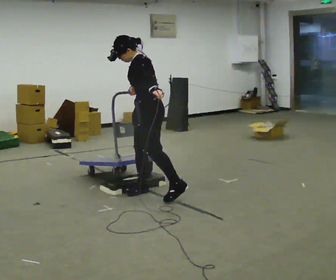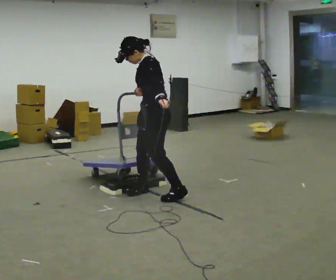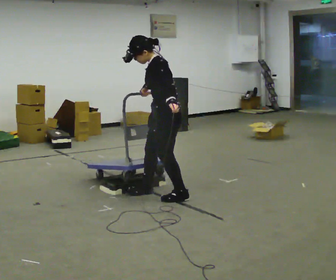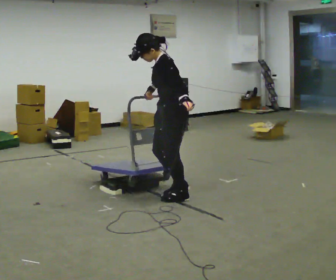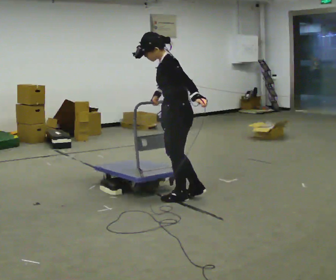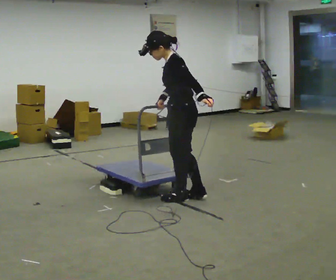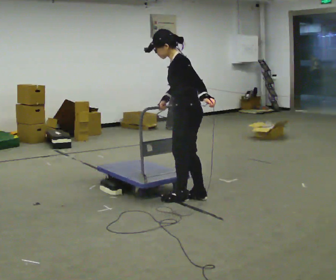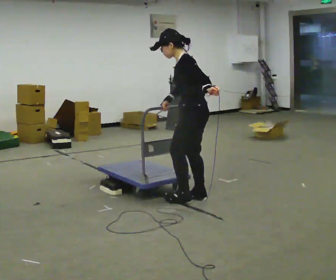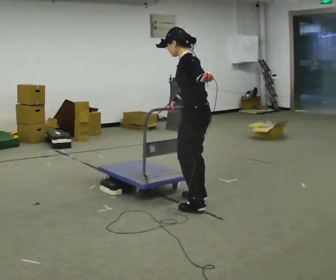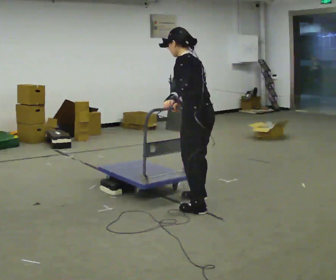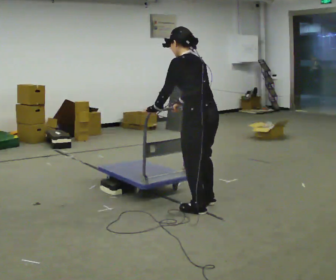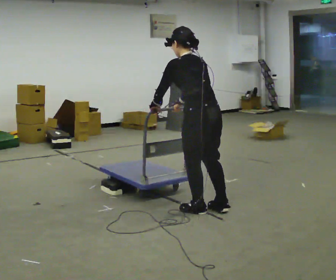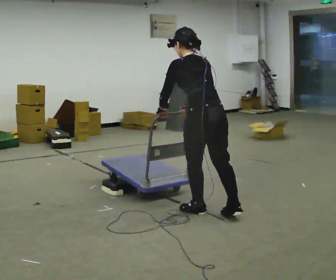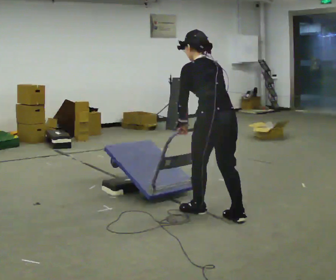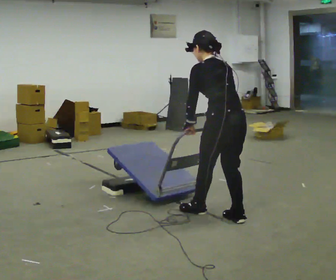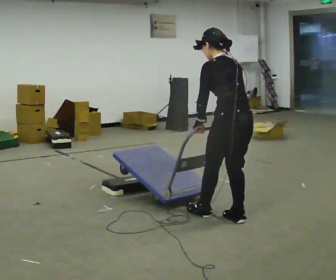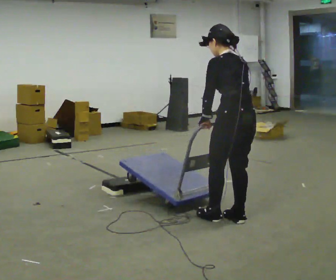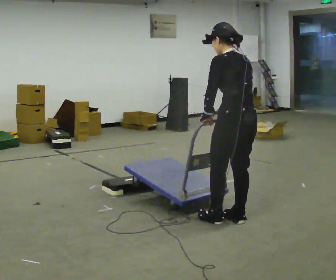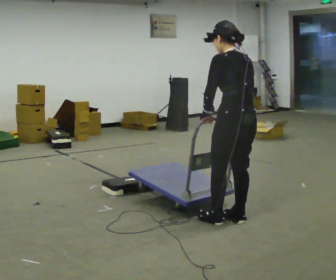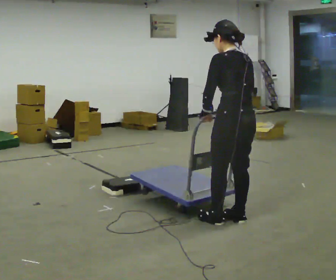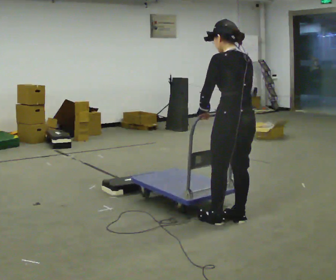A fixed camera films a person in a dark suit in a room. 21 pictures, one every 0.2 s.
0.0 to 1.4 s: In the picture they go to the right, about 0.5 m in 1 step, which for them is backward and to their left.
1.4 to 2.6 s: The part of the body nearest the lens slides to the left as the person turns to their right by about 60 degrees. In the picture they go toward the camera and to the right, about 0.5 m in 2 steps, which for them is backward and to their left. The upper body tips away from the camera, its near side rolling upward, as they bend forward.
2.6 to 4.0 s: The person moves a little, or ends about where they began.
The film runs forward here.
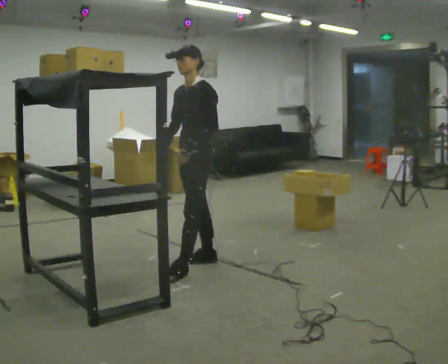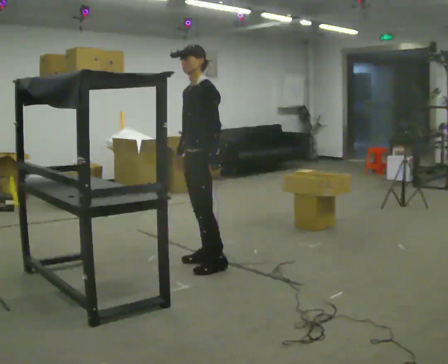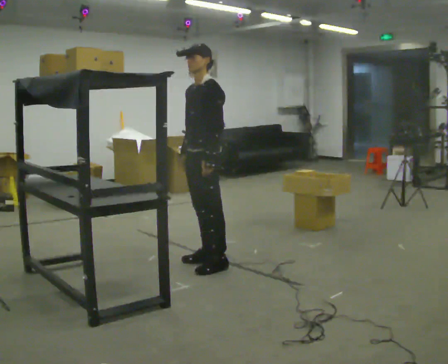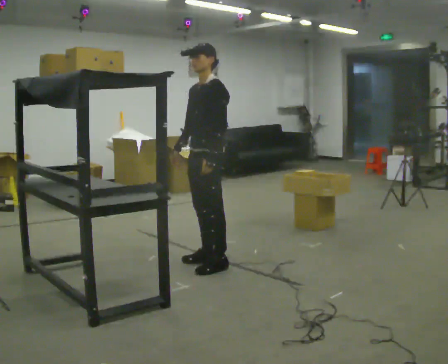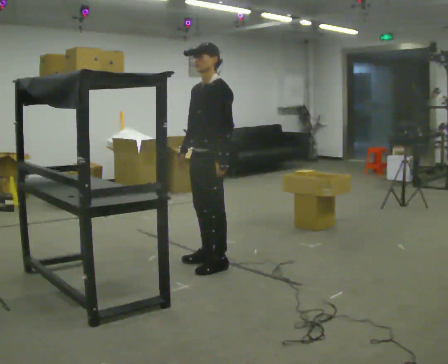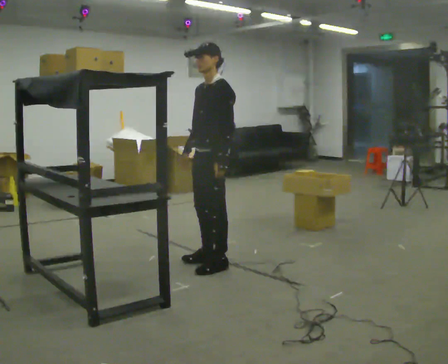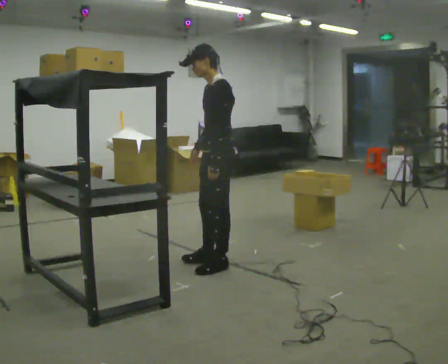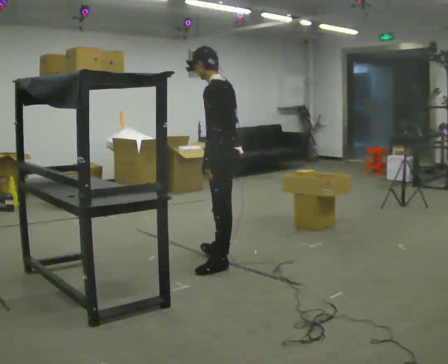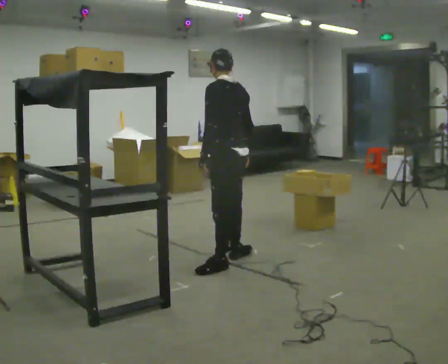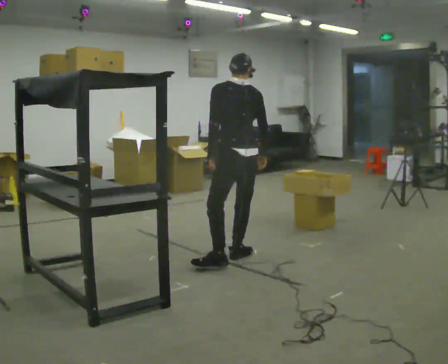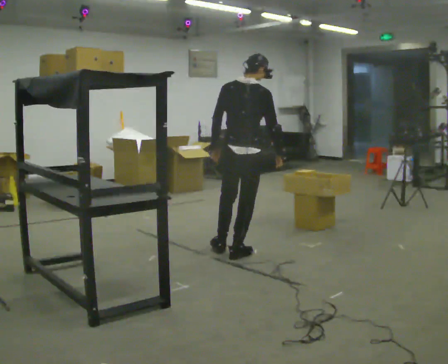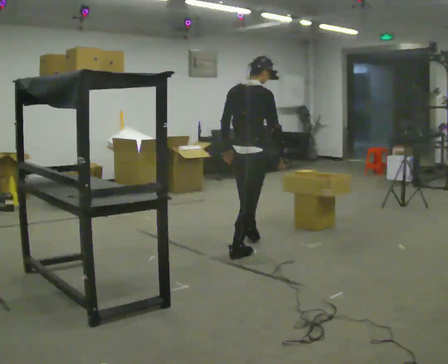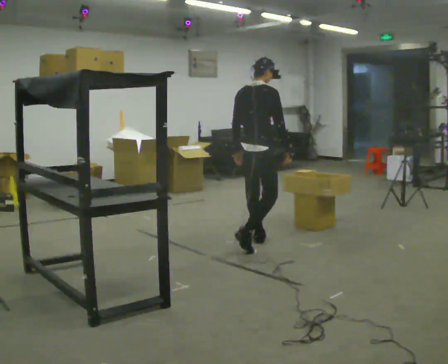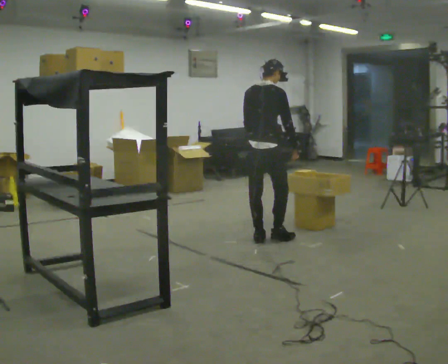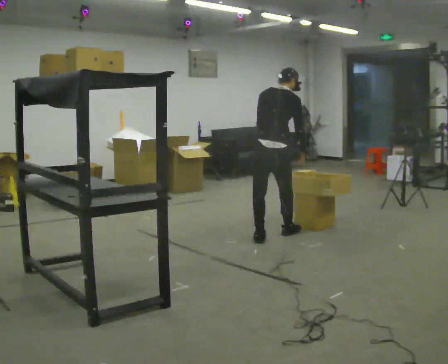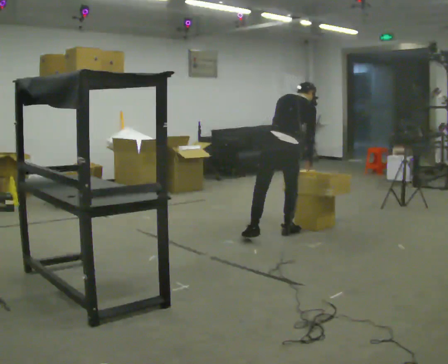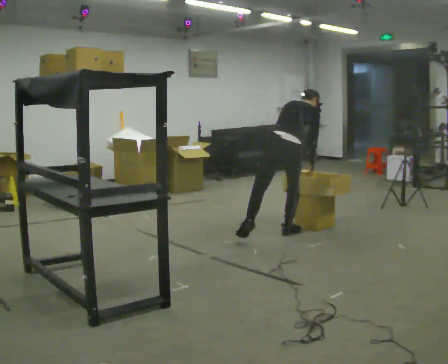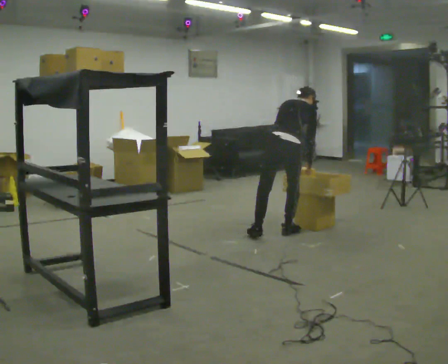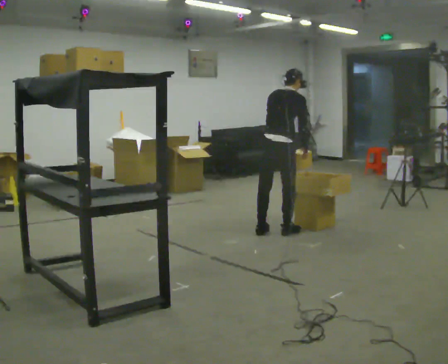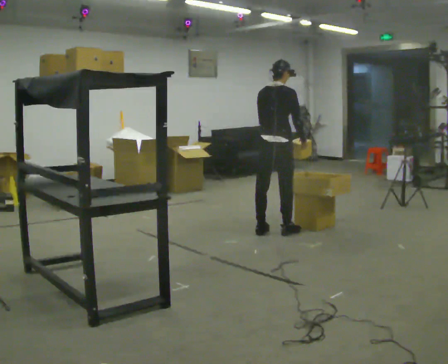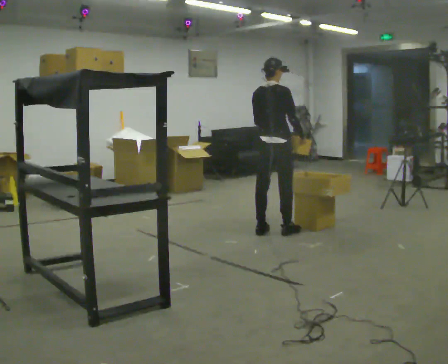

= = =

- **What this task involves**: What's needed is an exact retyping of the records, pictures excluded.

- **Answer for this exercise**:
A fixed camera films a person in a dark suit in a room. 21 pictures, one every 0.2 s.
0.0 to 1.4 s: In the picture they go to the right, about 0.5 m in 1 step, which for them is backward and to their left.
1.4 to 2.6 s: The part of the body nearest the lens slides to the left as the person turns to their right by about 60 degrees. In the picture they go toward the camera and to the right, about 0.5 m in 2 steps, which for them is backward and to their left. The upper body tips away from the camera, its near side rolling upward, as they bend forward.
2.6 to 4.0 s: The person moves a little, or ends about where they began.
The film runs forward here.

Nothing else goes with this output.